On Amazon cutting service to Wikileaks

From ABJ

2010-12-05 To Customer Service, Amazon.com, Jeff Bezos

I was appalled and saddened at Amazon's craven act in allowing the unspoken threats from Senator Lieberman to initiate your quick decision to terminate hosting of the Wikileaks website.

I know you have stated your reasons as purely technical and legal, i.e., because of a "violation of terms of service" by Wikileaks, but it is apparent, nonetheless, that your behavior in this act is a direct response to pressure from the Senate Homeland Security Committee. (And as Senator Lieberman has now stated, "What has transpired with Amazon will send a message to other companies.")

One might assume that as a purveyor of all kinds of books regardless of political content, your organization would support open discussion of issues of free speech -- that Right which is enshrined in the Constitution's First Amendment -- but that assumption is false when the world sees that Amazon made the hasty decision to stop providing an important service based on content, or based on partisan complaint.

In the past I have bought books and toys from Amazon. Because of your abject behavior towards Wikileaks I will henceforth have nothing more to buy from Amazon.

2010-12-12 Replying to friend Ron

I do appreciate your reasons for demurring on the side of caution before wholeheartedly approving (or "being fully on the side of") Wikileaks and Assange.

You mentioned concern about the security of classified information. First off, I too, think there are certain specific areas where governmental secrecy is of crucial importance, none more important than in the area of strategic weapons, systems and supplies, military planning, force projection, and strategy preparation and uses of live forces in and around the "theaters" of wars, etc. Military strategy planners require such secrecy -- for the physical security of their troops, if for no other reason.

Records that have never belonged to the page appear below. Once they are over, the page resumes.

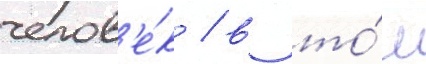
челов'е́к / в то́м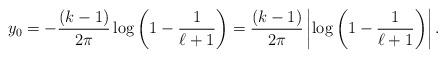
LaTeX: \begin{align*} y_0 = -\frac{(k-1)}{2 \pi} \log\left(1 - \frac{1}{\ell + 1}\right) = \frac{(k-1)}{2 \pi}\left| \log\left( 1 - \frac{1}{\ell + 1} \right) \right|.\end{align*}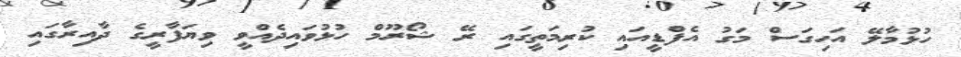
ހުޅުމާލޭ އަހިގަސް މަގު އެފްޑީއައި ކުރިމަތީގައި ރޭ ޝޯރޫމް ހުޅުވައިދެއްވީ ވިޔަފާރީގެ ދާއިރާގައި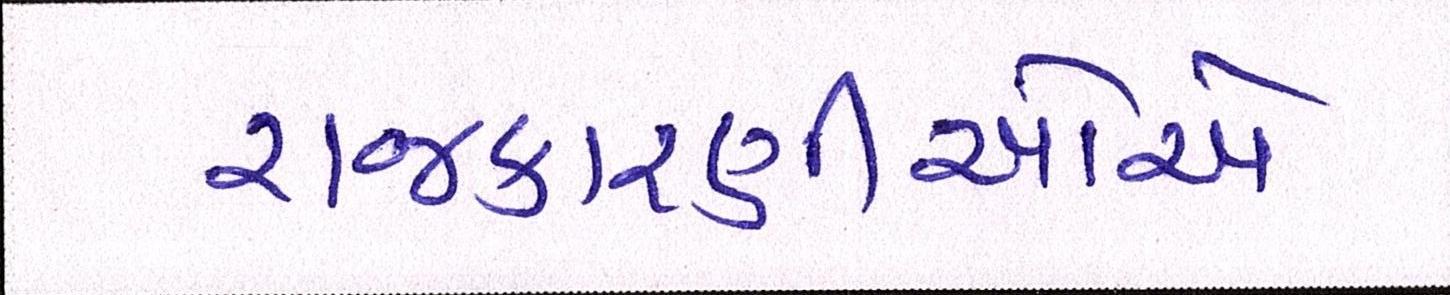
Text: રાજકારણીઓએ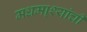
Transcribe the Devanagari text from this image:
मधमा्श्यांची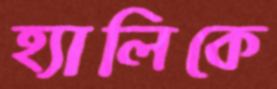
হ্যালিকে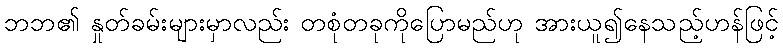
ဘဘ၏ နှုတ်ခမ်းများမှာလည်း တစုံတခုကိုပြောမည်ဟု အားယူ၍နေသည့်ဟန်ဖြင့်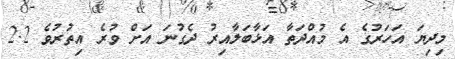
މިދިޔަ އަހަރުގެ އެ މުއްދަތާ އަޅާބަލާއިރު ދެގުނަ އަށް ވުރެ އިތުރުވެ 2.2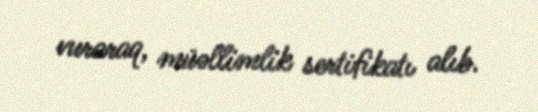
vuraraq, müəllimlik sertifikatı alıb.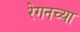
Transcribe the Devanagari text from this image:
रेगनच्या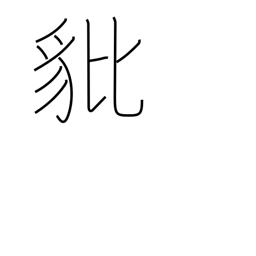
Meaning: brave heraldic beast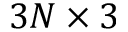
3 N \times 3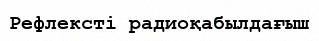
Рефлексті радиоқабылдағыш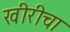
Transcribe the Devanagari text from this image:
खीरीचा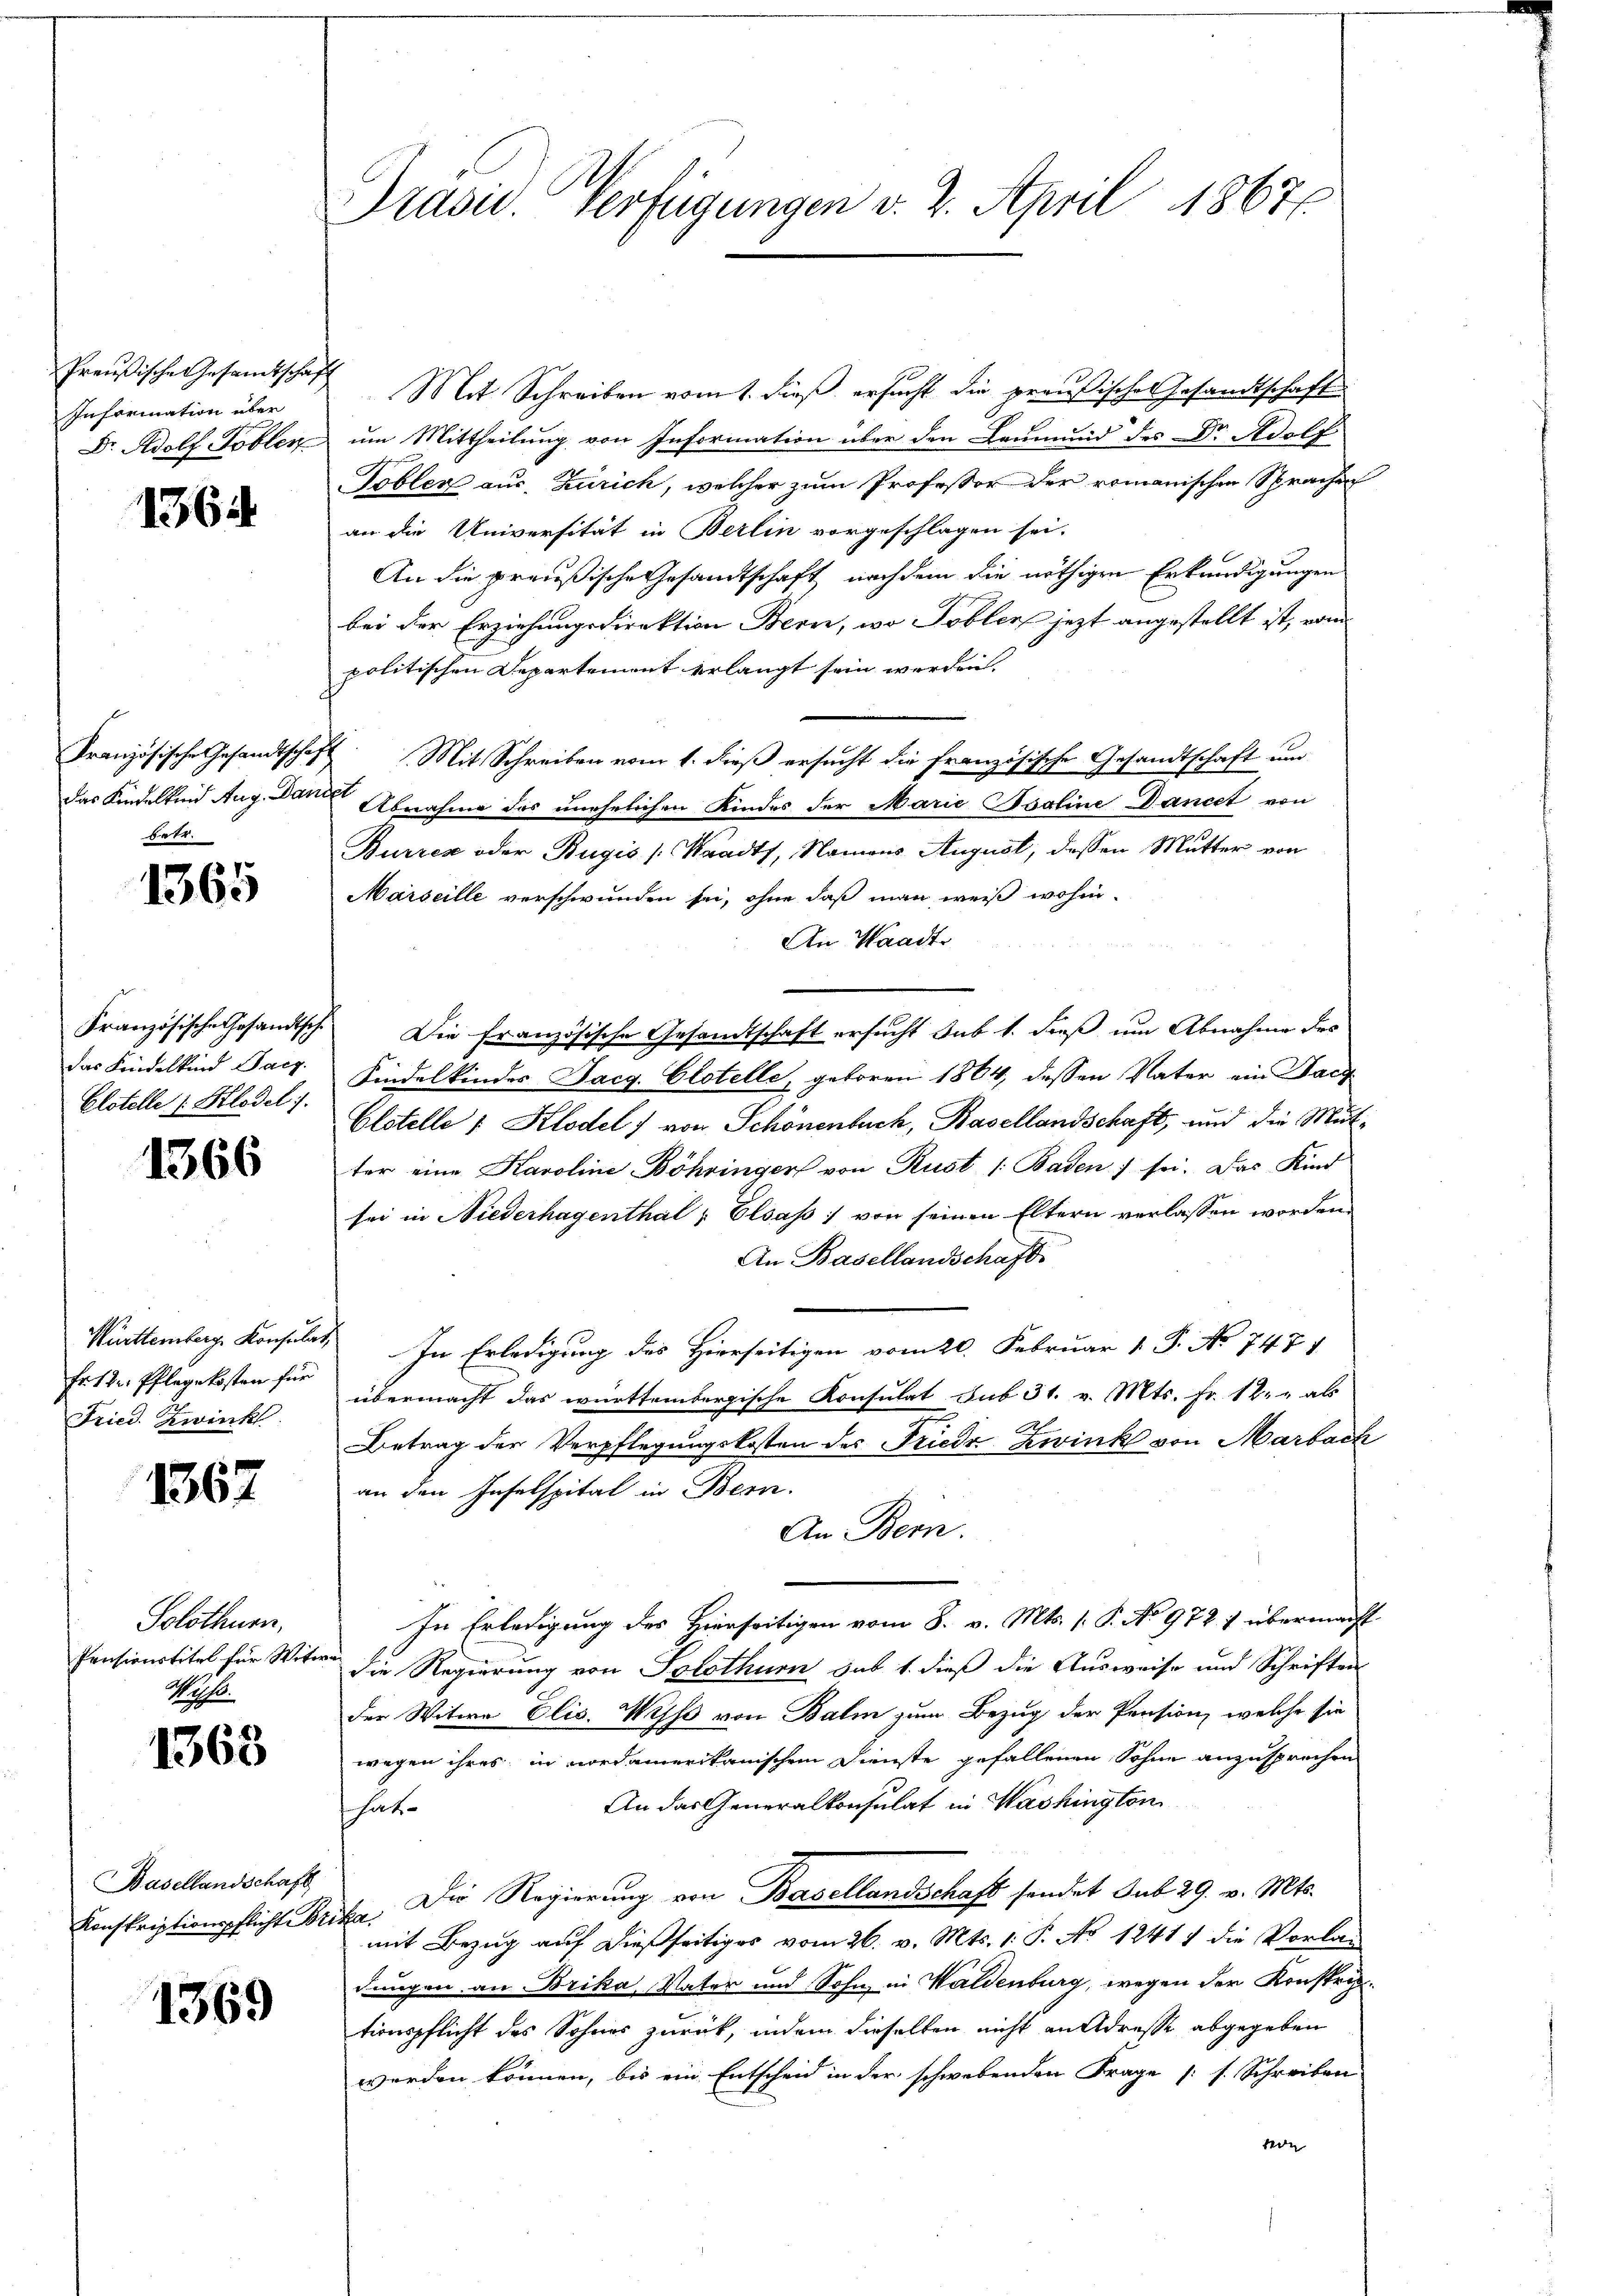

But I note that the government's denunciations of Wikileaks have nothing to do with those areas. Instead, the vitriol and denunciations against Julian Assange have much to do, I think, with Wikileaks breaching and revealing government lying and deceptions in statements of policy and revealing coverups of some lawless military actions, coverups from the American public.

Listing a few items:

  1. A cable proving that it was the US, not Yemen, that perpetrated the cruise missile strike against AlQuaida targets killing many civilians, women and children -- and where Yemen president Salah says that he will continue saying the bombing was by the Yemeni military, not the US -- revealing collusion and treachery at the highest levels of both governments;
  2. A cable revealing that the Obama administration pressured Britain during Parliament's recent investigation of why Britain had so quickly agreed to join Bush's invasion policy in Iraq -- to not reveal the close connections with the Bush White House during the period leading up to the Iraq invasion -- Thus Parliament's investigation remained incomplete and unanswered. (Well, isn't that just too bad, tsk, tsk);
  3. A cable informing about instructions given by Hillary Clinton to the US diplomatic corps personnel to spy on and obtain all possible existing personal/physical information about all the other-country diplomatic corps members -- which, as one journalist stated, violates the Vienna Treaty of 1961, signed by the US, and thus breaking a US law;
  4. Two separate cables talk about the successful pressuring by the US State Department of the governments of Germany and of Spain not to allow any investigations of the CIA illegal renditions and subsequent torture of their citizens to proceed. Should these illegal CIA operations be kept hidden from the American public?
  5. A cable showing that there was a FORMAL POLICY of the US command in Iraq NOT to investigate the killings and brutalities carried out by the official police forces; i.e., a policy to turn a blind eye to those events -- (contravening the US stated policy of "bringing democracy and good government" to the people of Iraq);

Should that outrage -- in contrast to everything said and done in Iraq in our name -- be hidden from the American public?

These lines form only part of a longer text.